# ACTION ITEM
The answer should consist of the full listing below, repeated exactly and free of pictures.

# SUPPLIED MATERIAL
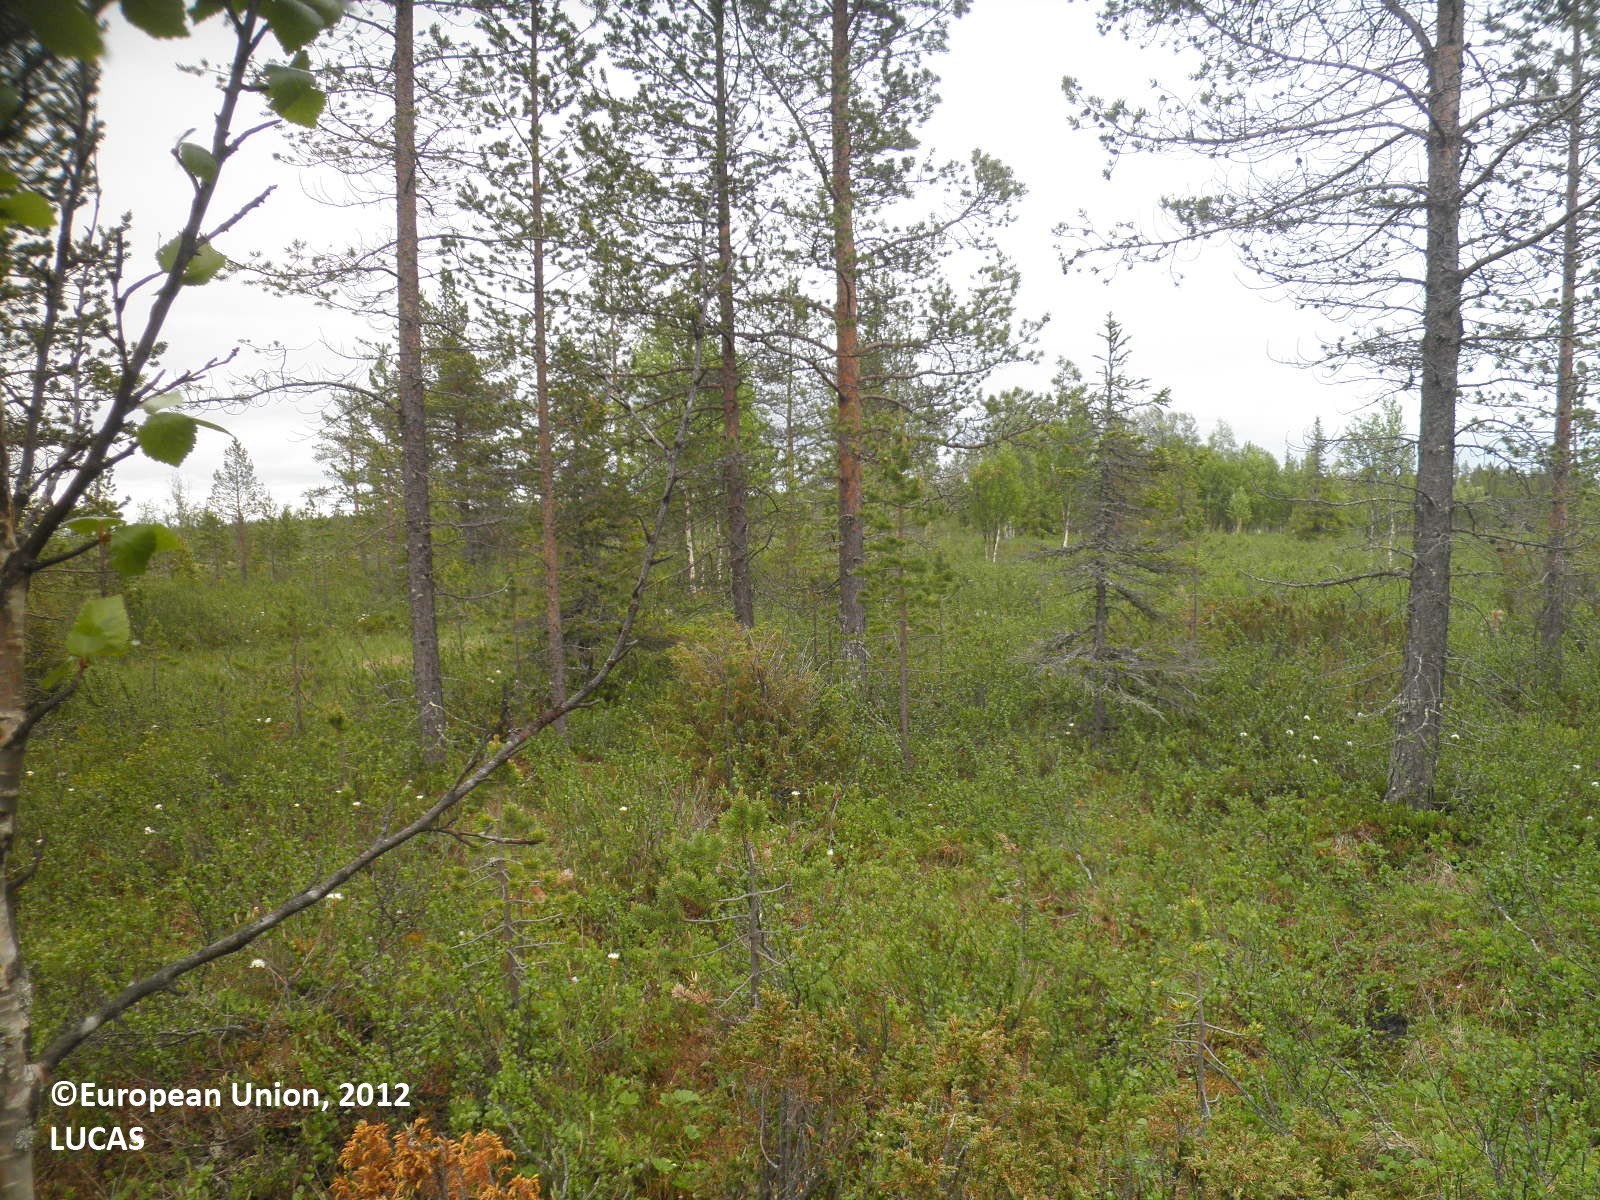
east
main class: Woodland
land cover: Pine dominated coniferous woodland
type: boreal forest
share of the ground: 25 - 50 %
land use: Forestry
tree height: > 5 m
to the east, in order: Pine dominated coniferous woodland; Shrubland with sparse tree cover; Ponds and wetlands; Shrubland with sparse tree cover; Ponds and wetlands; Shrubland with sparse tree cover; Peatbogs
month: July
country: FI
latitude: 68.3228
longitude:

# WRITTEN SOLUTION
east
main class: Woodland
land cover: Pine dominated coniferous woodland
type: boreal forest
share of the ground: 25 - 50 %
land use: Forestry
tree height: > 5 m
to the east, in order: Pine dominated coniferous woodland; Shrubland with sparse tree cover; Ponds and wetlands; Shrubland with sparse tree cover; Ponds and wetlands; Shrubland with sparse tree cover; Peatbogs
month: July
country: FI
latitude: 68.3228
longitude:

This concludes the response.